Report each line of the material below where the word "simulated" can be found.
Working data START
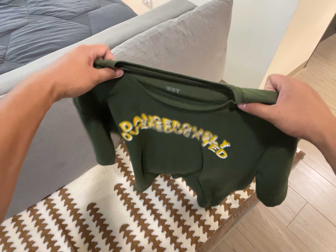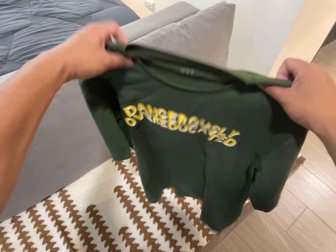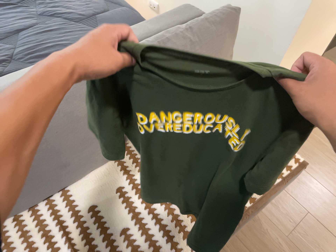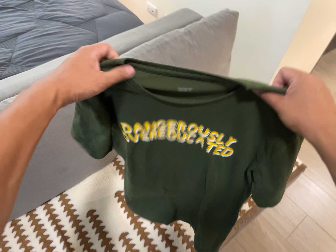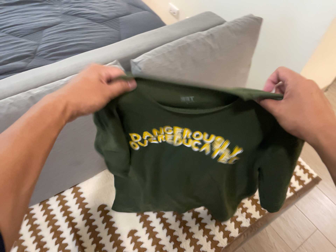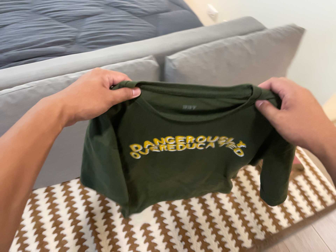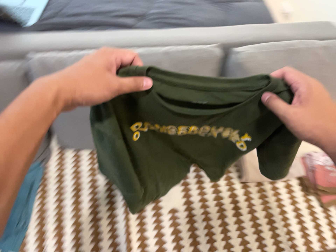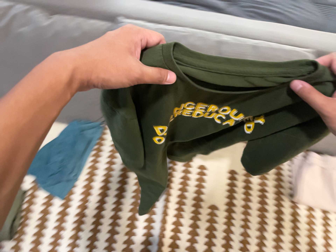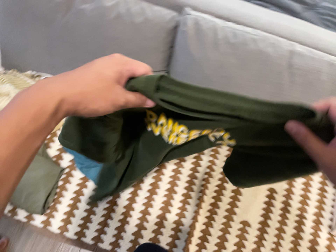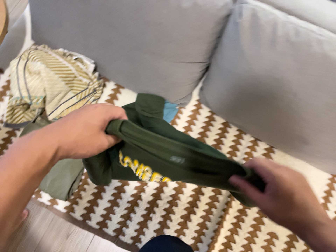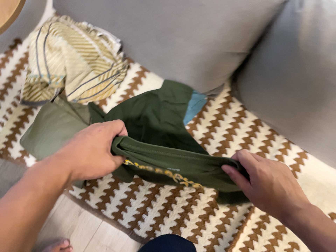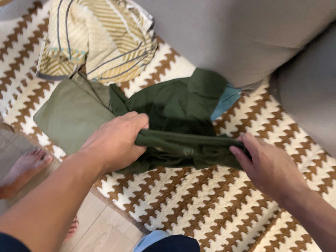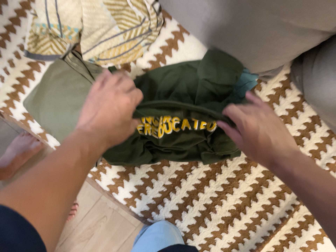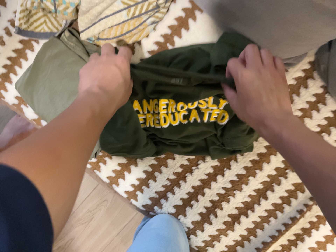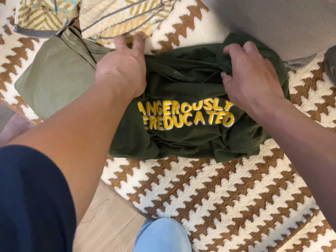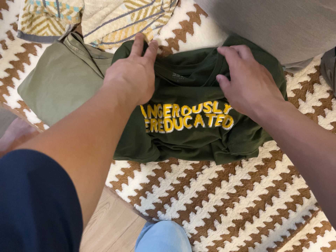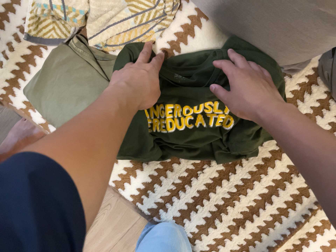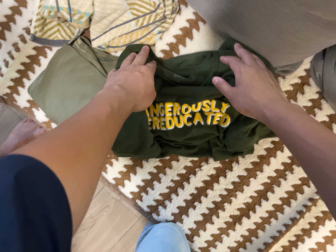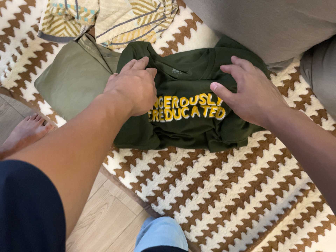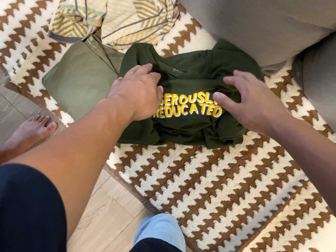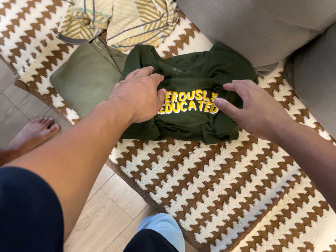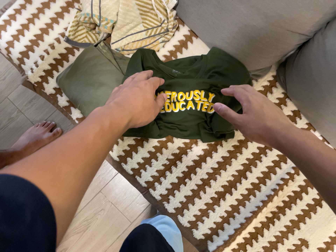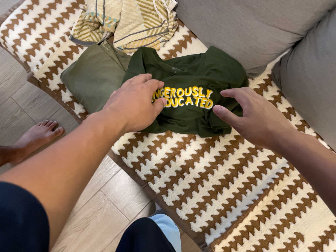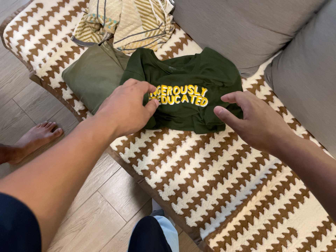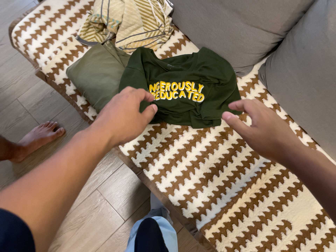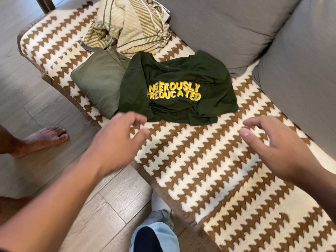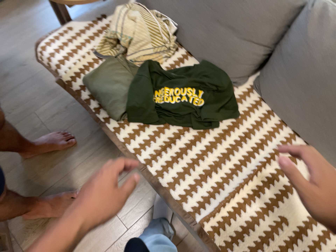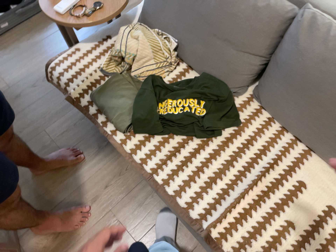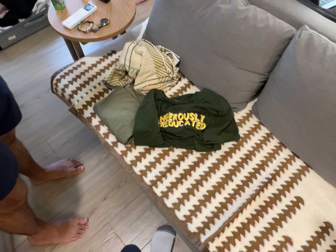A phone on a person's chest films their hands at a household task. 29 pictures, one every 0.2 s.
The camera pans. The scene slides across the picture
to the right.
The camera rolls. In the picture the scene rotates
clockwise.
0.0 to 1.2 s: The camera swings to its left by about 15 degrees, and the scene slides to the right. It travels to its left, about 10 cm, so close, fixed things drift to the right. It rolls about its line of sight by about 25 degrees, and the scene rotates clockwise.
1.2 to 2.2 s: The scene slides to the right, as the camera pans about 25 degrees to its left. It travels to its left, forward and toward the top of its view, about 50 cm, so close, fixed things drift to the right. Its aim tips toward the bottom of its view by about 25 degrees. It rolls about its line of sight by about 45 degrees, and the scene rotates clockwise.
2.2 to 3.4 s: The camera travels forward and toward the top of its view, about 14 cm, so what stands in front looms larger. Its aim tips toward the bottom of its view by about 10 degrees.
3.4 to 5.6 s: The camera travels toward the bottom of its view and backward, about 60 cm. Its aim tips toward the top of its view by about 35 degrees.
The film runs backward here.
Working data END
Working data START
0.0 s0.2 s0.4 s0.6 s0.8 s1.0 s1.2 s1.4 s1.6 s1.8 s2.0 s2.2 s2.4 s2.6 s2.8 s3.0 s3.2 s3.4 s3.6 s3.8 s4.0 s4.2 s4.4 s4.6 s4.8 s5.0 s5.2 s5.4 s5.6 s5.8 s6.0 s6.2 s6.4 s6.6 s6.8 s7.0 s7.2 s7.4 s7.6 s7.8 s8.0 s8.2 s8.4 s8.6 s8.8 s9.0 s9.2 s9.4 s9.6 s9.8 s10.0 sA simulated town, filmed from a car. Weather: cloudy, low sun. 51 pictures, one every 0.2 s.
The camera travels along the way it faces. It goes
Working data END
Working data START
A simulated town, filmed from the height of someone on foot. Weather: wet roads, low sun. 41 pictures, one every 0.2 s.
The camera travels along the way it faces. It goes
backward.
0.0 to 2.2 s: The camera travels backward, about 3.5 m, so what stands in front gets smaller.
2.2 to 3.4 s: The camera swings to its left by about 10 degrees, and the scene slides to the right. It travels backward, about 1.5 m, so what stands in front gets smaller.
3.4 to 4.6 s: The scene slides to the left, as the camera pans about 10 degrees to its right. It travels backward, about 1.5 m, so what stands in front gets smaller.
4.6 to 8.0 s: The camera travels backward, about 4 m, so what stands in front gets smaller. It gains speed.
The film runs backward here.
Working data END
**Result of the task**
0.0 s0.2 s0.4 s0.6 s0.8 s1.0 s1.2 s1.4 s1.6 s1.8 s2.0 s2.2 s2.4 s2.6 s2.8 s3.0 s3.2 s3.4 s3.6 s3.8 s4.0 s4.2 s4.4 s4.6 s4.8 s5.0 s5.2 s5.4 s5.6 s5.8 s6.0 s6.2 s6.4 s6.6 s6.8 s7.0 s7.2 s7.4 s7.6 s7.8 s8.0 s8.2 s8.4 s8.6 s8.8 s9.0 s9.2 s9.4 s9.6 s9.8 s10.0 sA simulated town, filmed from a car. Weather: cloudy, low sun. 51 pictures, one every 0.2 s.
A simulated town, filmed from the height of someone on foot. Weather: wet roads, low sun. 41 pictures, one every 0.2 s.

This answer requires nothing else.